Start of Data for this task

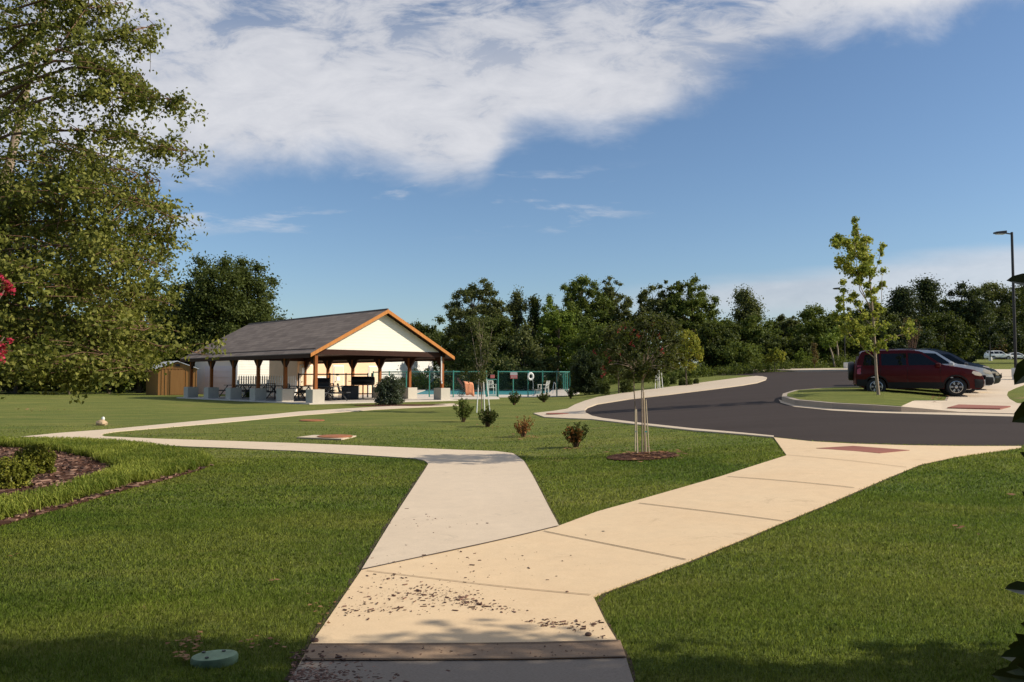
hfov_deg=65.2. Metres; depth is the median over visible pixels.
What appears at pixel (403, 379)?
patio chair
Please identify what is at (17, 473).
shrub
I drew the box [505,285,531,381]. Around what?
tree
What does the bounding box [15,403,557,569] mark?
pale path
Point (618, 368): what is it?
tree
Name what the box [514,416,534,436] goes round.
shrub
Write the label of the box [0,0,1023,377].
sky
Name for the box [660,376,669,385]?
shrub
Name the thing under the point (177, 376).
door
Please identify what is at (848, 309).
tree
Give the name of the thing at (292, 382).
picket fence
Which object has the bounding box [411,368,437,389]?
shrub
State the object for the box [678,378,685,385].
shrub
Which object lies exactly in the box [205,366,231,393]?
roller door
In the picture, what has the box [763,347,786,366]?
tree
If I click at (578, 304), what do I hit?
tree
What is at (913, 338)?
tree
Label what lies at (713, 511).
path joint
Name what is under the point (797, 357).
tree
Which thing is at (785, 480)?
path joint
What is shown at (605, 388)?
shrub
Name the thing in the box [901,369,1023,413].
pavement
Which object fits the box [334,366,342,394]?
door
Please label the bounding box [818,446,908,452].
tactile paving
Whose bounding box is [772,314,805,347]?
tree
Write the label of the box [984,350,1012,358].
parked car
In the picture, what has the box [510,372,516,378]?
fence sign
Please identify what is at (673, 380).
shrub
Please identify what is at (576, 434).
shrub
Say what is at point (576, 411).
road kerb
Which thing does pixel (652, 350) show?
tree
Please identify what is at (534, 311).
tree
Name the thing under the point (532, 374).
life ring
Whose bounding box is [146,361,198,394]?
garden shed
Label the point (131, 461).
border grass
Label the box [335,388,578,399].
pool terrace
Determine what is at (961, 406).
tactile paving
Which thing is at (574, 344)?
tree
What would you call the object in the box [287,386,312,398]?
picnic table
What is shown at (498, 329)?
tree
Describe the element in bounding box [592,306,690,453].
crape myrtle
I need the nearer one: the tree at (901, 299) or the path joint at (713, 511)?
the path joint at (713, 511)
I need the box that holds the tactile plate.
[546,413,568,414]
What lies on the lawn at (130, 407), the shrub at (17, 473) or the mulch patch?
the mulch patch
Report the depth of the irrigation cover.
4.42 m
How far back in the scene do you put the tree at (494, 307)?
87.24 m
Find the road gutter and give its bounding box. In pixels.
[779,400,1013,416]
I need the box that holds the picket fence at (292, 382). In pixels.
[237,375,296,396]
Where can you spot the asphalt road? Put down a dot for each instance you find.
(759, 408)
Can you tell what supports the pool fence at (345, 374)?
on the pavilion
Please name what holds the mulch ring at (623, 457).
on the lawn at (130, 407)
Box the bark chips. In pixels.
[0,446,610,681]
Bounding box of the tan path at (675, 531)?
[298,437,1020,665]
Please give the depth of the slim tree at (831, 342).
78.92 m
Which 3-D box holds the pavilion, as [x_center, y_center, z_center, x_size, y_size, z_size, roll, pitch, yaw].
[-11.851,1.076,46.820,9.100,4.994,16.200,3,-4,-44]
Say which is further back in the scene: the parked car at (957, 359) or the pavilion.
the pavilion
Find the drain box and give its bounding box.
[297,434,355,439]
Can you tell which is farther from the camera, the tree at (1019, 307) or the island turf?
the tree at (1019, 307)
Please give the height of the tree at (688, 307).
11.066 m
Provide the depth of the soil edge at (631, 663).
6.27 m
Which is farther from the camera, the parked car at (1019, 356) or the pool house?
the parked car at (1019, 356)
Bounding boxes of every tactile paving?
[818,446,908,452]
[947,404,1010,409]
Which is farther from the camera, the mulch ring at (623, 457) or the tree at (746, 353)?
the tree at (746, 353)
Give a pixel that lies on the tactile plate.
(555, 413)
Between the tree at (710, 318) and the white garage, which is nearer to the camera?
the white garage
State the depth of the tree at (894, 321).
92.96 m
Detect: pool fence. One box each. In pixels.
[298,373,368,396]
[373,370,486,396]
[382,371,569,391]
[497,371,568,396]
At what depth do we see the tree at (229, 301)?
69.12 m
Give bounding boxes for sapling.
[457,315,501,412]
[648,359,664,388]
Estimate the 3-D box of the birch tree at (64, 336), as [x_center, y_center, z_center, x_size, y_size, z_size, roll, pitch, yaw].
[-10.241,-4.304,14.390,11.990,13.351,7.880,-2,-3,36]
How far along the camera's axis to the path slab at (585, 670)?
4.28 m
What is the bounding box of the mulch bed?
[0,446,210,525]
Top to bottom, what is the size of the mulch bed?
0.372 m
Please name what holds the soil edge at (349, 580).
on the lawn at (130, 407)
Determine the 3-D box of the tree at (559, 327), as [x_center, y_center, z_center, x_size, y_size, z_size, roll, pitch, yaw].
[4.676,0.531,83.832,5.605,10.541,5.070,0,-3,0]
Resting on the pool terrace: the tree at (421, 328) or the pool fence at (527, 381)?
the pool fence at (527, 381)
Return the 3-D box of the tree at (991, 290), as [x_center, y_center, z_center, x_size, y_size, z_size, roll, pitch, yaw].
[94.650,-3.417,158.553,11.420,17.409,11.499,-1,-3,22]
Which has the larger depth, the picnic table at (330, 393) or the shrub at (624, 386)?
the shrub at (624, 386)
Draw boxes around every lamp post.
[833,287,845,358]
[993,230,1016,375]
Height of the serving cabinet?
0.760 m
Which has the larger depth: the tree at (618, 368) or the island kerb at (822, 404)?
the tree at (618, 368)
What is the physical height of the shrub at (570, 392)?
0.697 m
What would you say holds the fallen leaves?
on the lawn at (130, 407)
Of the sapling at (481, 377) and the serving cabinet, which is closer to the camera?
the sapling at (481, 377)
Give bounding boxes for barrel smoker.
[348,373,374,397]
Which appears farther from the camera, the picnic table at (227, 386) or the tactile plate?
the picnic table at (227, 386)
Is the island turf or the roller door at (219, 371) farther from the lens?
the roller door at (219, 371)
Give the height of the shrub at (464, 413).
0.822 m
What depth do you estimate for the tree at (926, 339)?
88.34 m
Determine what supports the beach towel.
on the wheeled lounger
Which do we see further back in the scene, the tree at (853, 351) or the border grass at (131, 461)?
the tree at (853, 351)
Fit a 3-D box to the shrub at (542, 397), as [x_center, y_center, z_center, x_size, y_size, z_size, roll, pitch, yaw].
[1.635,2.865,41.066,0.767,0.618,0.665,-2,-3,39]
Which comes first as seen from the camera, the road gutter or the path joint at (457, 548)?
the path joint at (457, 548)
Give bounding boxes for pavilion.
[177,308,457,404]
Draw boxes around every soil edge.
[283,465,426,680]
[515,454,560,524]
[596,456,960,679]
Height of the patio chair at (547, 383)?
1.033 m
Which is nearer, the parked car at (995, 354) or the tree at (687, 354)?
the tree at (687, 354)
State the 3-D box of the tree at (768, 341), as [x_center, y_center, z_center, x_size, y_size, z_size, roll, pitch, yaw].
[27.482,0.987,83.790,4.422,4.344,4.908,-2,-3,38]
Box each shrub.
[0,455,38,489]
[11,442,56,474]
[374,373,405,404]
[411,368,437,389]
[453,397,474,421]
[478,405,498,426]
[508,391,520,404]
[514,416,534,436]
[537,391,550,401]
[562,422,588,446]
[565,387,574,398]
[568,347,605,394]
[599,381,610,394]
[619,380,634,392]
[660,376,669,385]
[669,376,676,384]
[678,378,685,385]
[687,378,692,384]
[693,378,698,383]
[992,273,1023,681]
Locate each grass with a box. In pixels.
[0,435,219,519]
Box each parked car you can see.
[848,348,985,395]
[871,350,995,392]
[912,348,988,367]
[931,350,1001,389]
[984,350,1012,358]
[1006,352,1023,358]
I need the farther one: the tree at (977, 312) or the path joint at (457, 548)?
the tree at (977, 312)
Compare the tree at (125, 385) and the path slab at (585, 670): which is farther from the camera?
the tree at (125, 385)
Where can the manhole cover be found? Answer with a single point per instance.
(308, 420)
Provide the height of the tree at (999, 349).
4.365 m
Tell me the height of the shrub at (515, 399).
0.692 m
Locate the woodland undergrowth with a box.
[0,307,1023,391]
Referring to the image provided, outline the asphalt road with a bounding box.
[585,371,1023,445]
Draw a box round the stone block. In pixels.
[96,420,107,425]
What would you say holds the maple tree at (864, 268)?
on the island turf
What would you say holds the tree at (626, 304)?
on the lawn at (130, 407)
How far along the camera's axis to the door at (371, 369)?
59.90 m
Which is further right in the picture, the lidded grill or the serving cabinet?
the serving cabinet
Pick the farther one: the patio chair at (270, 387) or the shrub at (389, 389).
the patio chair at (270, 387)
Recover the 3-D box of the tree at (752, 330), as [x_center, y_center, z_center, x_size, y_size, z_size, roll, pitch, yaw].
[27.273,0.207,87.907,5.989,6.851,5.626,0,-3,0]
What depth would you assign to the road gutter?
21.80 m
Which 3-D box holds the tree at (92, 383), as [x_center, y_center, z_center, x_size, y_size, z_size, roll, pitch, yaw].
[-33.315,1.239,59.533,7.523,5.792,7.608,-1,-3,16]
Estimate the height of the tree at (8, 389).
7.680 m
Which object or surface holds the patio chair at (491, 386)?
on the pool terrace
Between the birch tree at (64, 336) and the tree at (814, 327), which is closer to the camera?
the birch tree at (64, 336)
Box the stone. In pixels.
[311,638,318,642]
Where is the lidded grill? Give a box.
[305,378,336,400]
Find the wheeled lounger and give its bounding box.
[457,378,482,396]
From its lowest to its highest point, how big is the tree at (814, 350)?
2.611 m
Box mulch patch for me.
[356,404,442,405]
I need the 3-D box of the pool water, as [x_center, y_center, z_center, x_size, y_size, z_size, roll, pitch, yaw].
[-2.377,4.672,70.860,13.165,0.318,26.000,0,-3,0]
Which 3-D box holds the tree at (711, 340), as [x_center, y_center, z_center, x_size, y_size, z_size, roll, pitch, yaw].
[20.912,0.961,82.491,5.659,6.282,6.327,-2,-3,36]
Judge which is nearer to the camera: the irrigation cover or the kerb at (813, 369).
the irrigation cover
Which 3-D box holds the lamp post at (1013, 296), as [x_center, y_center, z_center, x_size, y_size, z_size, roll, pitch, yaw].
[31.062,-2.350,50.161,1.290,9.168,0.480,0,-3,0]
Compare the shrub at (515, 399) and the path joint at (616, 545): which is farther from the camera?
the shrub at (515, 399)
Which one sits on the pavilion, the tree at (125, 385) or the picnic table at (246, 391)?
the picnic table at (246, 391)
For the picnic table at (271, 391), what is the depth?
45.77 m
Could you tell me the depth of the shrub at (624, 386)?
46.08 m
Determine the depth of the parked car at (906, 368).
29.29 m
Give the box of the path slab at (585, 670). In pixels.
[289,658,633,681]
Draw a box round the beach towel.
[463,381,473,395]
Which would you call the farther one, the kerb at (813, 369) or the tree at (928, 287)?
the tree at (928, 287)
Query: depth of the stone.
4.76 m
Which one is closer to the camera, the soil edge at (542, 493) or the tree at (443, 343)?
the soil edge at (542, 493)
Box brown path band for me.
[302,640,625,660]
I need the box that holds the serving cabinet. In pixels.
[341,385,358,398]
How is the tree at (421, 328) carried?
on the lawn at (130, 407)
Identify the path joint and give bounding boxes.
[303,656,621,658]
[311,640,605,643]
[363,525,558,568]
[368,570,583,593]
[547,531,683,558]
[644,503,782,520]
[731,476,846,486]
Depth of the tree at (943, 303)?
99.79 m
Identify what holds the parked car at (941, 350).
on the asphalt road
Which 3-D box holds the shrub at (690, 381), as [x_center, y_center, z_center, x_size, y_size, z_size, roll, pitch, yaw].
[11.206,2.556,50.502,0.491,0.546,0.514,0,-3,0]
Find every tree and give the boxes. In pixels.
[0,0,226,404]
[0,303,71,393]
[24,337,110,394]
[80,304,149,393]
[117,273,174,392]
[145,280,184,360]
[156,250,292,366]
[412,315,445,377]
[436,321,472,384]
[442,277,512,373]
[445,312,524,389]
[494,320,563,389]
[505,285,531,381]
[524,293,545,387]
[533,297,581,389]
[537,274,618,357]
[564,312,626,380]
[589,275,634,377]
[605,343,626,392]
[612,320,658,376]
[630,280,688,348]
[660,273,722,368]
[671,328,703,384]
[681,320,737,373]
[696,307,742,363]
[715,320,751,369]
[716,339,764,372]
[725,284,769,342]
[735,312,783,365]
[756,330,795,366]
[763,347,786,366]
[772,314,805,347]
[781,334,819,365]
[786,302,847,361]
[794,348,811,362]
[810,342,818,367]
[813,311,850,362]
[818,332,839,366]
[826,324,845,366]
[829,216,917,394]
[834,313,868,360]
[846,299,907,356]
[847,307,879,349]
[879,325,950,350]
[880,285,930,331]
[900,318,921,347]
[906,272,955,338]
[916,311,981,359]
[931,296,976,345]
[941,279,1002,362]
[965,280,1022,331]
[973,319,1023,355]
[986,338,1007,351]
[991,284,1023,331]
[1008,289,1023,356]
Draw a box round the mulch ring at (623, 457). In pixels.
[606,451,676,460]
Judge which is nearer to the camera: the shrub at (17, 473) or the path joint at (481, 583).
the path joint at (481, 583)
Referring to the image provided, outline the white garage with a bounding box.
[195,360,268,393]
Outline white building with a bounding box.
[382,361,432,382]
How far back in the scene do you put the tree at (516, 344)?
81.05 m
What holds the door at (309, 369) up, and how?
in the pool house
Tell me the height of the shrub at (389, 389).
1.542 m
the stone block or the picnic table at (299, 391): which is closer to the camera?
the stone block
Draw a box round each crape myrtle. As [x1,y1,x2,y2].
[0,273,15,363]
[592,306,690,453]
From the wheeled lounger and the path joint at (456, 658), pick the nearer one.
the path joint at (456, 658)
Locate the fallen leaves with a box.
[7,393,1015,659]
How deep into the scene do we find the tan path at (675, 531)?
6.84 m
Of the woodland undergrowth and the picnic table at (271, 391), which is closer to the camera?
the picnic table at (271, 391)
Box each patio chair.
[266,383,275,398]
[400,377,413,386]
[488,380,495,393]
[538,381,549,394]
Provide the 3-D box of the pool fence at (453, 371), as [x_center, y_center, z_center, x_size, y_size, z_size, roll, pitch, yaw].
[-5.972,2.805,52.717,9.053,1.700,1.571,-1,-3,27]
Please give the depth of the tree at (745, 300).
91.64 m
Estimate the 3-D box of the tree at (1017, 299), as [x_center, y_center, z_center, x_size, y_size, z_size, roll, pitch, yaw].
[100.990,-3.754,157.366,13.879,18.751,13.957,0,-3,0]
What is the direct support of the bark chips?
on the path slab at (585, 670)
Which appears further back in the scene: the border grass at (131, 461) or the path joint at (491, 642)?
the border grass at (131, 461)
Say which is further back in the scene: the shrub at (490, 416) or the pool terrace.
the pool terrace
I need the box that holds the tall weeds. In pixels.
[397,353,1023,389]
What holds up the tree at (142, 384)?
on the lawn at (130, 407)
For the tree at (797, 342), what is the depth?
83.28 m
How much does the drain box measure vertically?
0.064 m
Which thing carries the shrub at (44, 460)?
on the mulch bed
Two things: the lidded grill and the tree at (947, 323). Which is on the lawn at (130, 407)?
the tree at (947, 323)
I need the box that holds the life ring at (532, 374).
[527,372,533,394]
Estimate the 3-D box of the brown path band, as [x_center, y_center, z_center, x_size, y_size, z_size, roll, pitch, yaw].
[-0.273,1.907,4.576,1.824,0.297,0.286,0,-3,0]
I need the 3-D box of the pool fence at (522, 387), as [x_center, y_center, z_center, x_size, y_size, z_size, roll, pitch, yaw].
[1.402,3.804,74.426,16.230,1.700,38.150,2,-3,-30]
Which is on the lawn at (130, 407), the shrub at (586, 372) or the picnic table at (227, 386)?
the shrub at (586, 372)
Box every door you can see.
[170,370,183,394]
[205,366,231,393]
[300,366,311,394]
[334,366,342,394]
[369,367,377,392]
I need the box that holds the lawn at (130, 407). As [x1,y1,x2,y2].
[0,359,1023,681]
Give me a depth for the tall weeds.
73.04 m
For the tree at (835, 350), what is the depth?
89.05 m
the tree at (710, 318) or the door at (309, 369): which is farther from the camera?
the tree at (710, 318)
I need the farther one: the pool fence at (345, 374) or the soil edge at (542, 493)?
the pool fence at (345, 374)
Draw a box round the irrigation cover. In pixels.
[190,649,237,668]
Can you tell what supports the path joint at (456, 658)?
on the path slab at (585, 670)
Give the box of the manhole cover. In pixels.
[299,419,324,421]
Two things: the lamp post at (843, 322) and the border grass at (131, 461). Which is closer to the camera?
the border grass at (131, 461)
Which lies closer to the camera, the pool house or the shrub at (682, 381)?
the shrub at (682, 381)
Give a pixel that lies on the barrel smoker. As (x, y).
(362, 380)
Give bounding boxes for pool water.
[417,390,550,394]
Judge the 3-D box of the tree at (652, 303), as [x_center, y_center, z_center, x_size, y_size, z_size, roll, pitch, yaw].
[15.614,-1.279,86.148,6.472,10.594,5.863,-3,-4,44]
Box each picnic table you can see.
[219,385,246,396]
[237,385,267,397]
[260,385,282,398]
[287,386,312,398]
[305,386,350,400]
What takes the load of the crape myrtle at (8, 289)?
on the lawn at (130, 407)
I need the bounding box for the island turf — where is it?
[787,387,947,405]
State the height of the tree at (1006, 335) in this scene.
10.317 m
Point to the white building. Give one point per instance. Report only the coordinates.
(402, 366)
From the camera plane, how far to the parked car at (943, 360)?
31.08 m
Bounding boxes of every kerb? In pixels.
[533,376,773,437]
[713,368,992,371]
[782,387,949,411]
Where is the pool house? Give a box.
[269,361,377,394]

End of Data for this task

**Task brief**
Take the lines above from the one containing "the tree at (710, 318) or" down to the one containing "[15.614,-1.279,86.148,6.472,10.594,5.863,-3,-4,44]", and transcribe them exactly, both ends included.

**Result**
the tree at (710, 318) or the door at (309, 369): which is farther from the camera?
the tree at (710, 318)
I need the farther one: the pool fence at (345, 374) or the soil edge at (542, 493)?
the pool fence at (345, 374)
Draw a box round the irrigation cover. In pixels.
[190,649,237,668]
Can you tell what supports the path joint at (456, 658)?
on the path slab at (585, 670)
Give the box of the manhole cover. In pixels.
[299,419,324,421]
Two things: the lamp post at (843, 322) and the border grass at (131, 461). Which is closer to the camera?
the border grass at (131, 461)
Which lies closer to the camera, the pool house or the shrub at (682, 381)?
the shrub at (682, 381)
Give a pixel that lies on the barrel smoker. As (x, y).
(362, 380)
Give bounding boxes for pool water.
[417,390,550,394]
Judge the 3-D box of the tree at (652, 303), as [x_center, y_center, z_center, x_size, y_size, z_size, roll, pitch, yaw].
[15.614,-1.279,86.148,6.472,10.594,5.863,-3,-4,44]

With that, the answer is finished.